▸ What to work on
The entries are to be duplicated exactly, though any picture in them must be omitted.

[Data entries]
◆ ◆ ◆ ◆
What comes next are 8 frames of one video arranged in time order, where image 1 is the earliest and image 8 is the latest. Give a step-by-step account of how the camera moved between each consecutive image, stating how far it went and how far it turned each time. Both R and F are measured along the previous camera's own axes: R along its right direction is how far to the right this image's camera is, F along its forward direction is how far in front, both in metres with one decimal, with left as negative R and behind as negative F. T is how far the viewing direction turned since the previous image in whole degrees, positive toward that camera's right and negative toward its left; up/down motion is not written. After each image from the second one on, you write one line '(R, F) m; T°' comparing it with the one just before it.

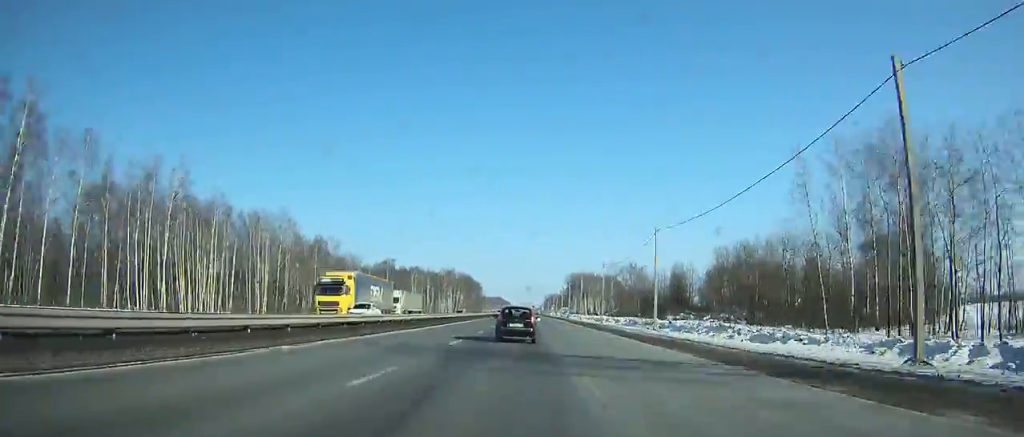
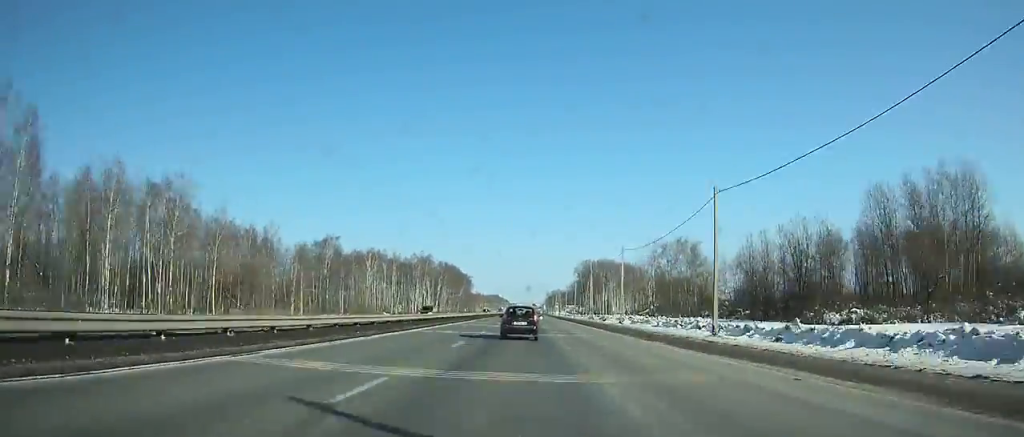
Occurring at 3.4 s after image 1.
(-0.1, +75.1) m; 0°
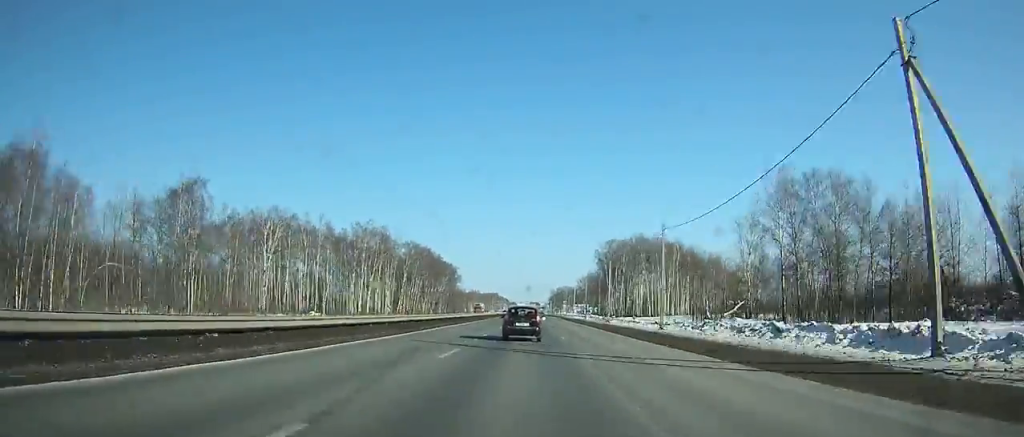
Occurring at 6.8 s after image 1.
(0.0, +76.5) m; 0°
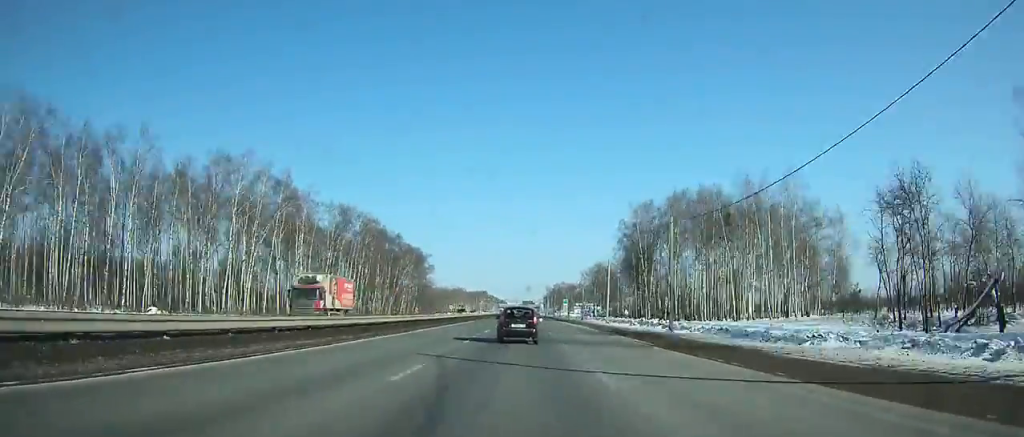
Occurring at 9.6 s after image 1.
(0.0, +63.5) m; 0°
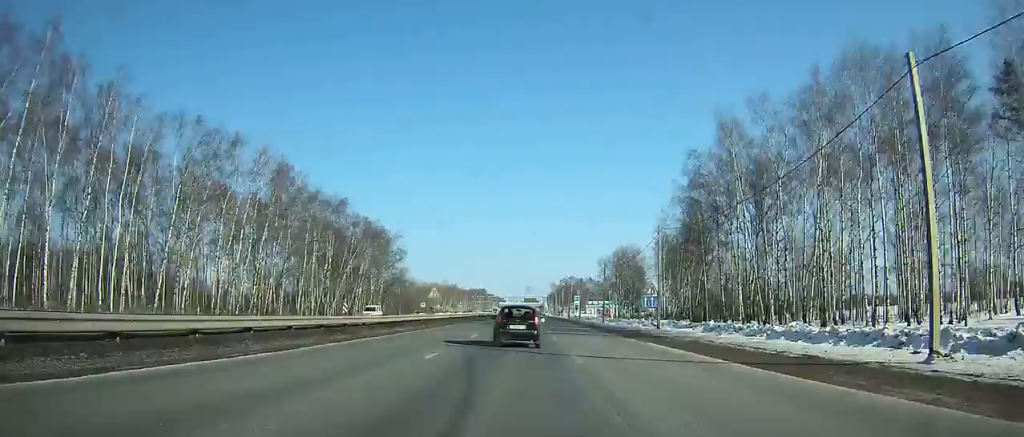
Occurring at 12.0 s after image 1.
(0.0, +53.8) m; 0°
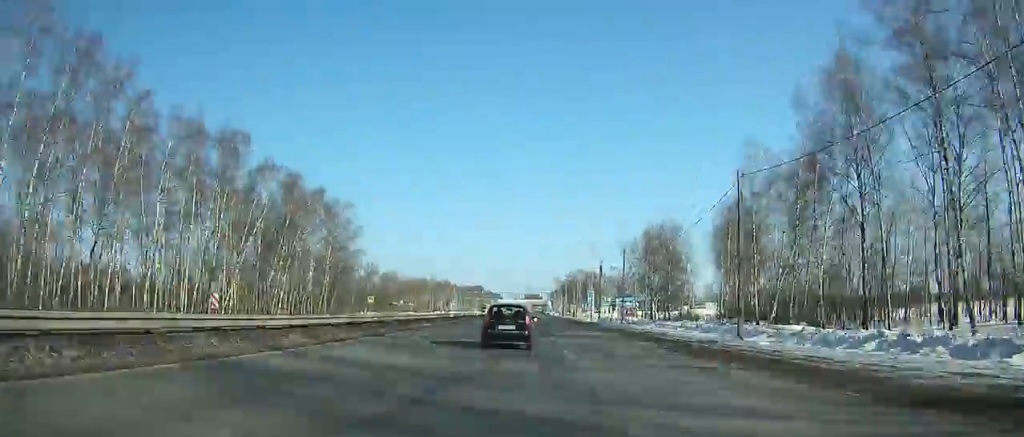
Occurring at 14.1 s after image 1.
(0.0, +46.4) m; 0°
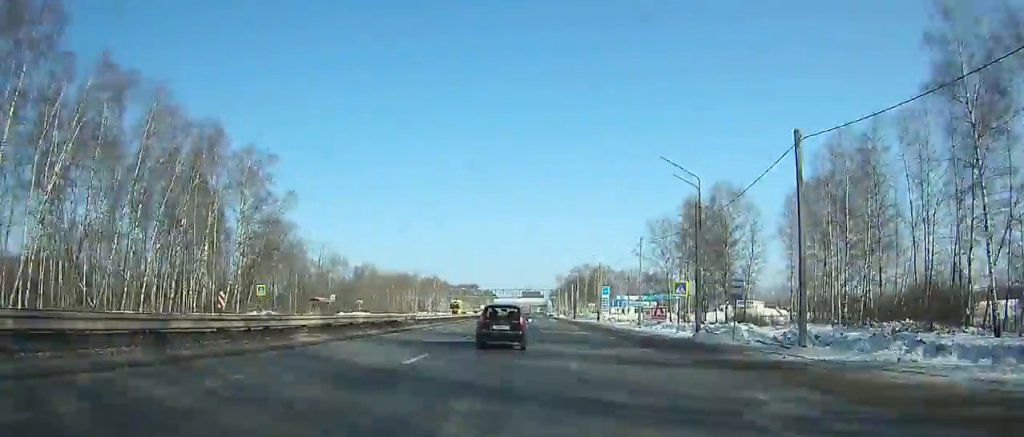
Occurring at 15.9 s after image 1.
(-0.1, +38.6) m; 0°
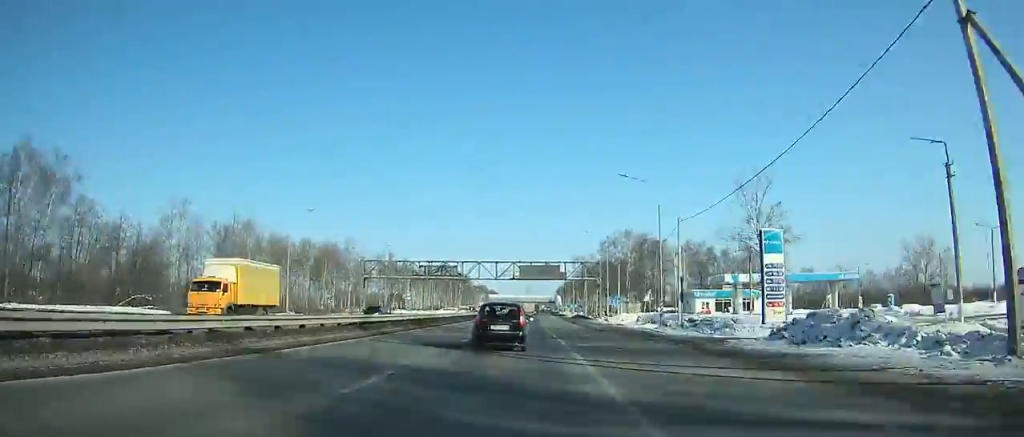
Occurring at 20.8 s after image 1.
(+0.2, +99.7) m; 0°
◆ ◆ ◆ ◆
▸ Your solution
What comes next are 8 frames of one video arranged in time order, where image 1 is the earliest and image 8 is the latest. Give a step-by-step account of how the camera moved between each consecutive image, stating how far it went and how far it turned each time. Both R and F are measured along the previous camera's own axes: R along its right direction is how far to the right this image's camera is, F along its forward direction is how far in front, both in metres with one decimal, with left as negative R and behind as negative F. T is how far the viewing direction turned since the previous image in whole degrees, positive toward that camera's right and negative toward its left; up/down motion is not written. After each image from the second one on, you write one line '(R, F) m; T°' comparing it with the one just before it.

Occurring at 3.4 s after image 1.
(-0.1, +75.1) m; 0°
Occurring at 6.8 s after image 1.
(0.0, +76.5) m; 0°
Occurring at 9.6 s after image 1.
(0.0, +63.5) m; 0°
Occurring at 12.0 s after image 1.
(0.0, +53.8) m; 0°
Occurring at 14.1 s after image 1.
(0.0, +46.4) m; 0°
Occurring at 15.9 s after image 1.
(-0.1, +38.6) m; 0°
Occurring at 20.8 s after image 1.
(+0.2, +99.7) m; 0°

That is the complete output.